22 January 2011

Tiger Dad

I haven't been posting as much lately because I've been devoting myself to tiger parenting. Not apex predator husbandry or creating a cereal flake mascot, but good old let's-all-be-as-awesome-as-China child rearin'! Look, the bar is high and I have installed a performance-based culture in my household. Weekly peer reviews determine the daily minutes I allocate to rigorous beatings. I have a set of KPIs as well as some additional metrics that allow me to precisely adjust the amount of verbal abuse I hurl on them. If they miss their SLAs repeatedly I have predefined escalation procedures. This provides clear structure for expectations, accountability, and consequences.

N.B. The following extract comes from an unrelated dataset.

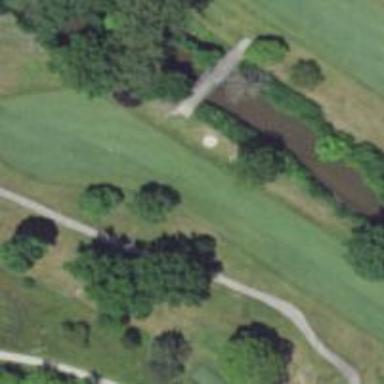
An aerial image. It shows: View of golf hole.
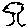
Label: tree
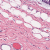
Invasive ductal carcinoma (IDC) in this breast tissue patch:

It's quite time-consuming. For example, my oldest was not consistently top of the league tables while playing Call of Duty so I escalated his morning punishment from kneeling on rice to a caning. I also force him to practice Call of Duty in single-player mode for 4 hours per night. This will continue until he is the BEST. It is clear to both of us that I will accept no less. This may seem harsh but you should see how gratifying the moment will be when he goes on a triumphant gibbing streak and turns to me with pride of achievement glowing in his eyes.

In the meantime, I'm writing a book to help you, too, be as awesome as me.

2 comments:

  1. Rice? Have you tried broken glass instead?

    I listened to the stupid Tiger Mom story the first time NPR mentioned it, and shook my head in disgust. The 2nd time, when a different NPR program covered it, I listened to 30 seconds of it, before turning off the radio. Now, whenever I hear anything about Tiger Mo... ...that's about as far as I get. =)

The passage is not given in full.